Not in business it's not, particularly where both parties want to have a conversation and not let those platforms in on the conversation. That is the majority of business and government conversation.

Email is not going anywhere.


You don't have to explain what those things are, I've been on the internet since the 80s, and my teen years were literally forged on those platforms. Yes, smaller web forums killed USENET, and the reason they did so is that it was far easier to evolve controls for spam, for toxic posters, for adding features like voting, inline images, inline markup, custom headers/landing/etc than it was on a federated system like USENET. When the Web arrived, user expectations in terms of the ease of use and richness of the interface changed, which is exactly what's happening with email.

If business really wanted end to end un-eaves-droppable confidentiality they would have mandated S/MIME years ago. The very nature of a store-and-forward protocol without end to end encryption pretty much guarantees you don't have confidentiality unless the entirely of your communication is within your organization, and even then, it's not really secure because most business organizations did not run internal encryption.

The number of firms outsourcing to cloud services continues to rise.

Yes, Email is not going to die for internal business communication, but it will transform, and interactivity and dynamism are inevitable. Lotus Notes is a great example of this. Email is often used for workflow, for updates of real time information, and spamming people with status messages that link to dashboards is a productivity hit and produces information overload.


> If business really wanted end to end un-eaves-droppable confidentiality they would have mandated S/MIME years ago. The very nature of a store-and-forward protocol without end to end encryption pretty much guarantees you don't have confidentiality unless the entirely of your communication is within your organization, and even then, it's not really secure because most business organizations did not run internal encryption.

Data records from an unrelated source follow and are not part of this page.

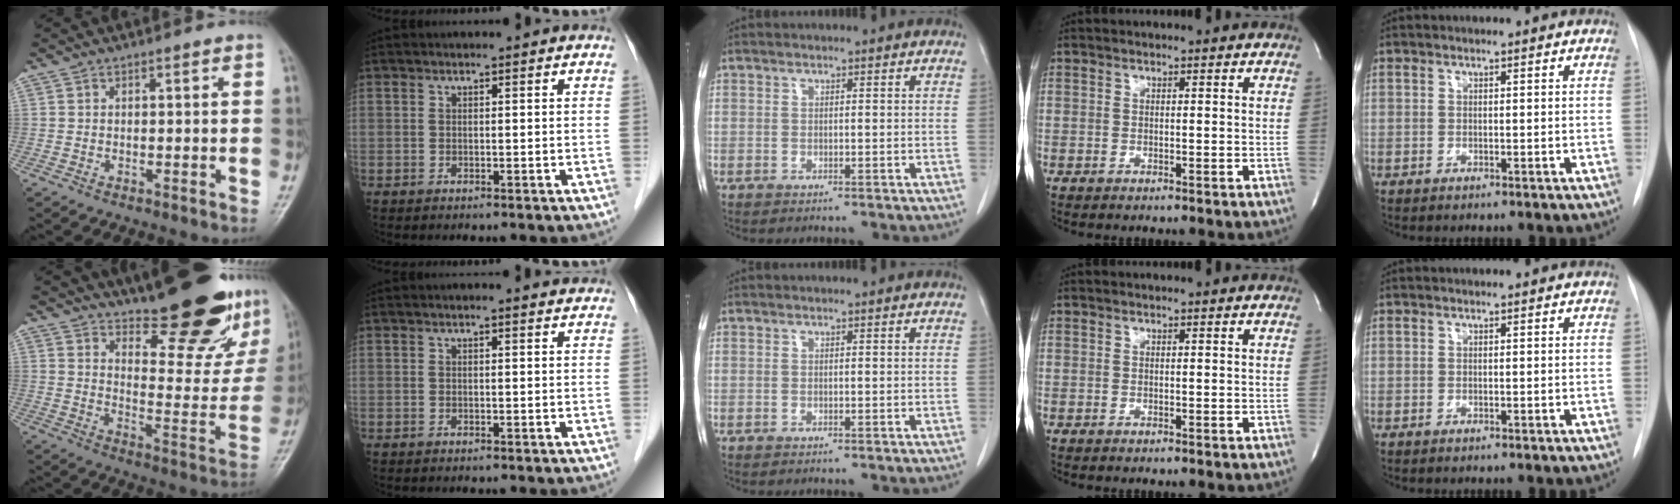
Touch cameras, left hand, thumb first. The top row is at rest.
{"thumb": {"total": 24.3, "force": [18.2, 7.2, 14.5], "torque": [-0.167, -0.118, 0.244]}, "index": {"total": 1.8, "force": [1.4, 0.4, 1.0], "torque": [-0.016, 0.011, 0.013]}}
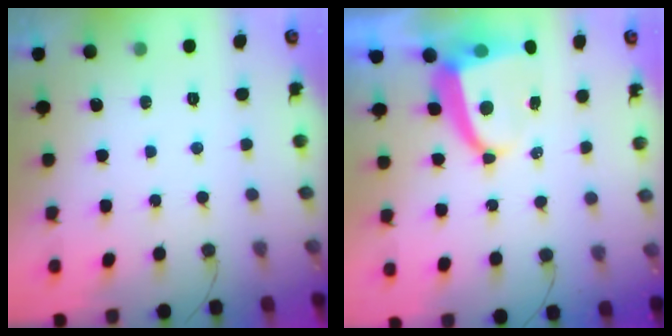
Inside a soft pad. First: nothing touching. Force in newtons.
{"total": 6.4, "press": 6.3, "slide": 0.9}
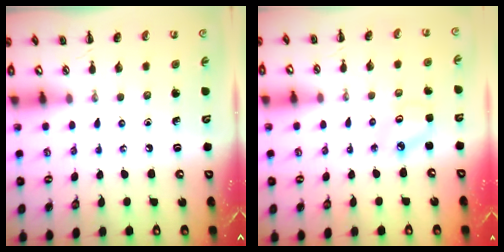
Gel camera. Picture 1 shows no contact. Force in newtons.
{"total": 2.8, "press": 2.7, "slide": 0.6}
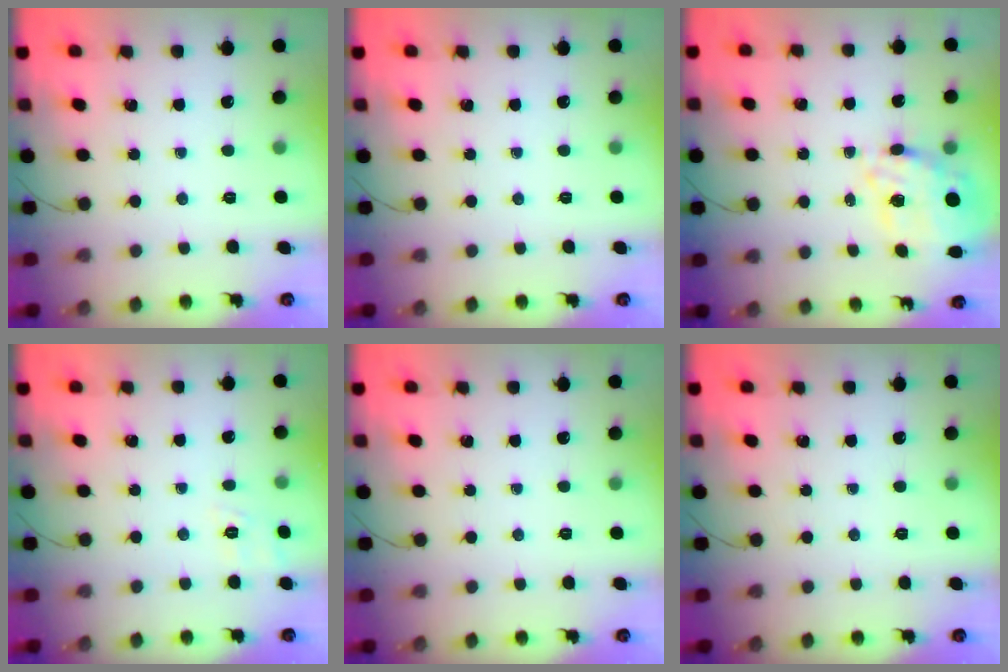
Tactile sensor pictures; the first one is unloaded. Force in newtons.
{"total": 0.0}
{"total": 11.0, "press": 10.2, "slide": 4.2}
{"total": 3.6, "press": 3.0, "slide": 2.0}
{"total": 0.0}
{"total": 0.0}
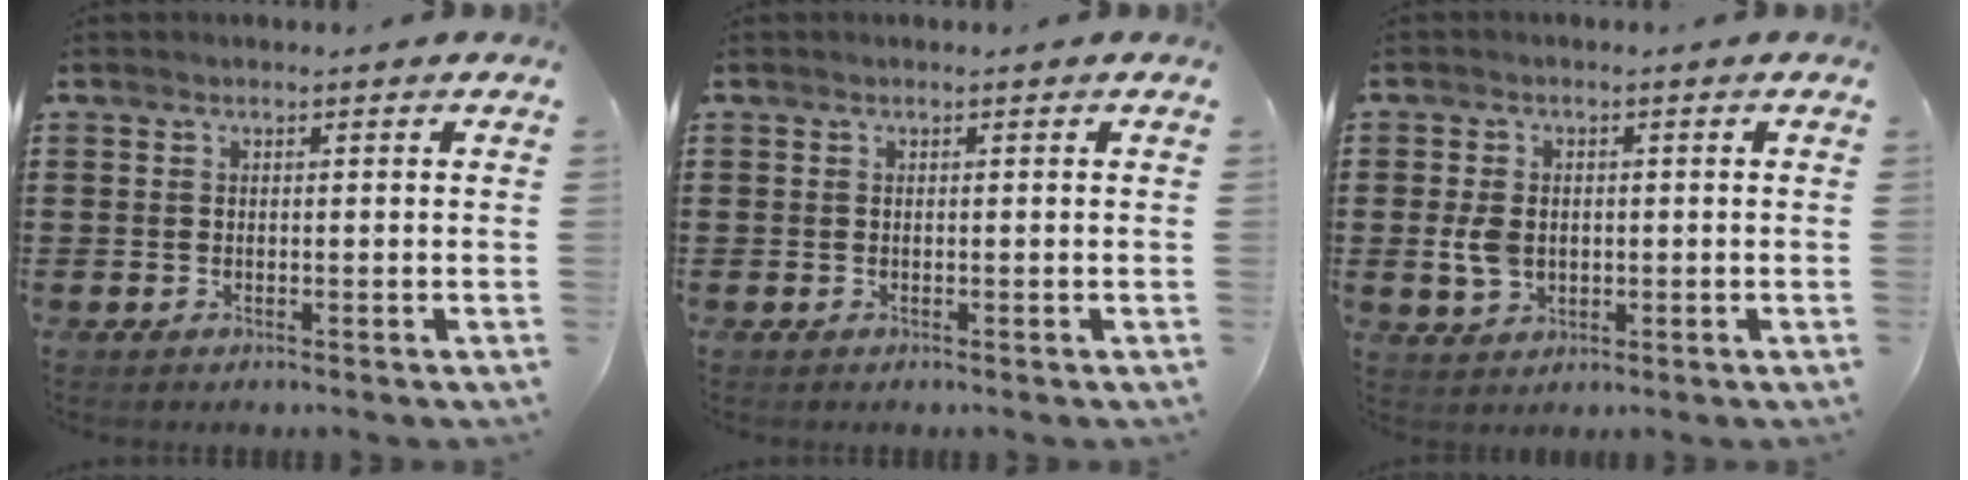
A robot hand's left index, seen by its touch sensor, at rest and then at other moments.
{"total": 0.0}
{"total": 4.3, "force": [-0.1, 3.2, 2.9], "torque": [-0.083, 0.002, -0.009]}

The problem with S/MIME is that it requires a CA to sign that certificate. There's actually very few S/MIME CAs out there. Part of the reason S/MIME was always preferred in a corporate setting (over PGP) was that it could be decrypted by gateway border systems, ie administrators. Office 365 also introduces Office Messsage Encryption (OME) which is basically a temporary mailbox on their server. (Like Tutanota, or OpenExchange mail Guard) for external communication.

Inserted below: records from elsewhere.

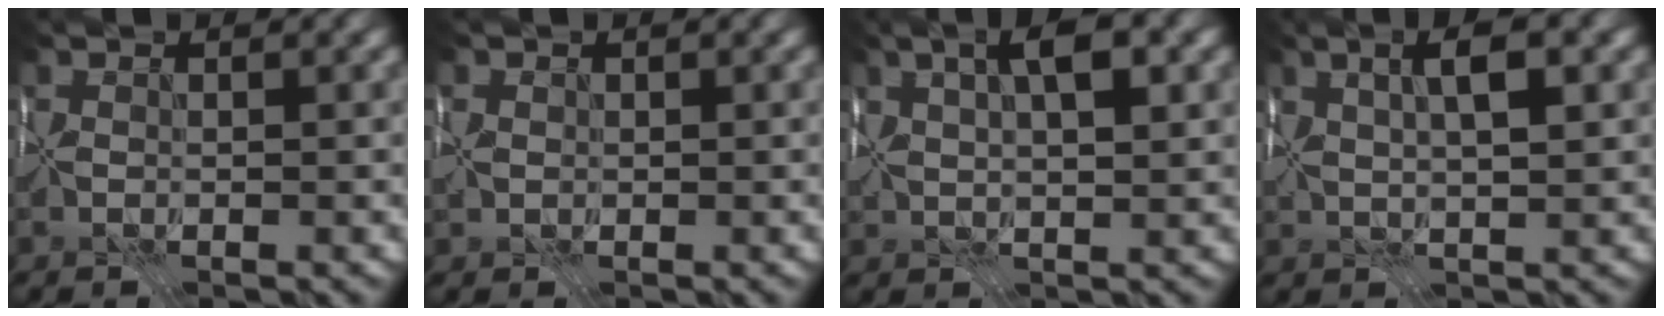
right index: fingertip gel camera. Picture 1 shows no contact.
{"total": 1.3, "force": [0.2, 1.3, 0.2], "torque": [-0.006, 0.000, 0.002]}
{"total": 5.3, "force": [2.0, 2.0, 4.5], "torque": [-0.081, 0.007, 0.031]}
{"total": 4.3, "force": [1.5, 1.2, 3.9], "torque": [-0.075, 0.007, 0.023]}
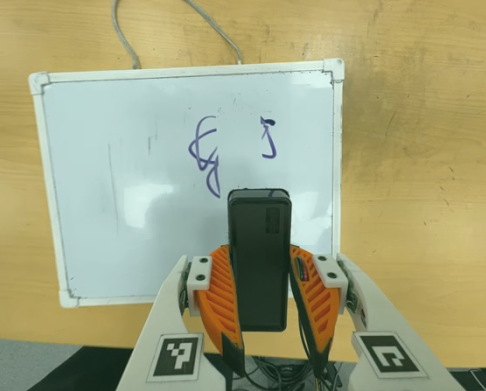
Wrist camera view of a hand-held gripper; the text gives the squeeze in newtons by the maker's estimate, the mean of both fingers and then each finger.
{"total": 6.9, "left": 5.2, "right": 8.5}
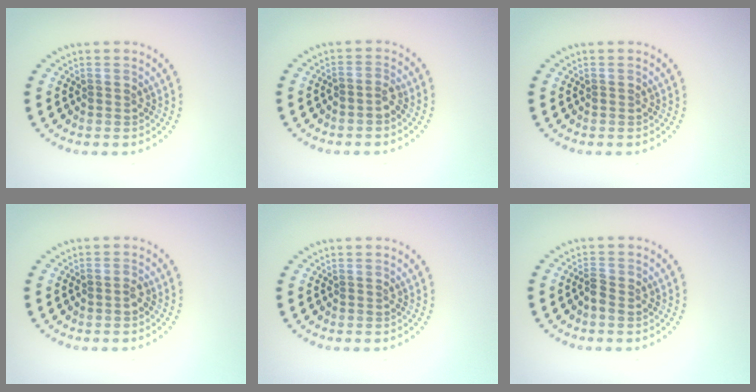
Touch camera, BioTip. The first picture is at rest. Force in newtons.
{"total": 1.3, "press": 1.0, "slide": 0.7}
{"total": 0.0}
{"total": 0.9, "press": 0.8, "slide": 0.3}
{"total": 0.0}
{"total": 1.2, "press": 1.2, "slide": 0.3}

Encryption is also not really needed when you're all emailing each other on the same company server, which is most often the case. Even when stuff is outsourced there's usually legal service level agreements to maintain basic confidentiality.

> Yes, Email is not going to die for internal business communication, but it will transform, and interactivity and dynamism are inevitable. Lotus Notes is a great example of this. Email is often used for workflow, for updates of real time information, and spamming people with status messages that link to dashboards is a productivity hit and produces information overload.

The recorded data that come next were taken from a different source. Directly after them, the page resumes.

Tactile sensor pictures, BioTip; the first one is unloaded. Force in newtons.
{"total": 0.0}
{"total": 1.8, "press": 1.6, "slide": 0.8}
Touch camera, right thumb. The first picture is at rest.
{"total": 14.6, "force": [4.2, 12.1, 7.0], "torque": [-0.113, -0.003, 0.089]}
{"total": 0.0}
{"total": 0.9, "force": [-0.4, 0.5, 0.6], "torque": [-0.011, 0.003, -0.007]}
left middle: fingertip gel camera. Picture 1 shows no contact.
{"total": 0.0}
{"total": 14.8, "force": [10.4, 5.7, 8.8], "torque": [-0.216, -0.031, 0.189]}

I don't think it will. Just because Google wants to do amp4email doesn't mean everyone else will. Email has been getting more secure with things like MTA-STS, but those have gone through the IETF. I don't think it will see any adoption outside of the Google ecosystem, particularly without a RFC.

Email is very much has a "you said this on this date", and it is as if someone sent you a letter in the postal mail. I don't see amp4email getting any use in the business world. I think it will mostly be for "promotional email" aka spam you've agreed to get from companies that you've done business with before and didn't uncheck that box that says "notify me of all your offers...".

Google also has a history of trying things out then canning them in the future. Anyone remember Google Wave? that was 'totally going to replace email as we know it'.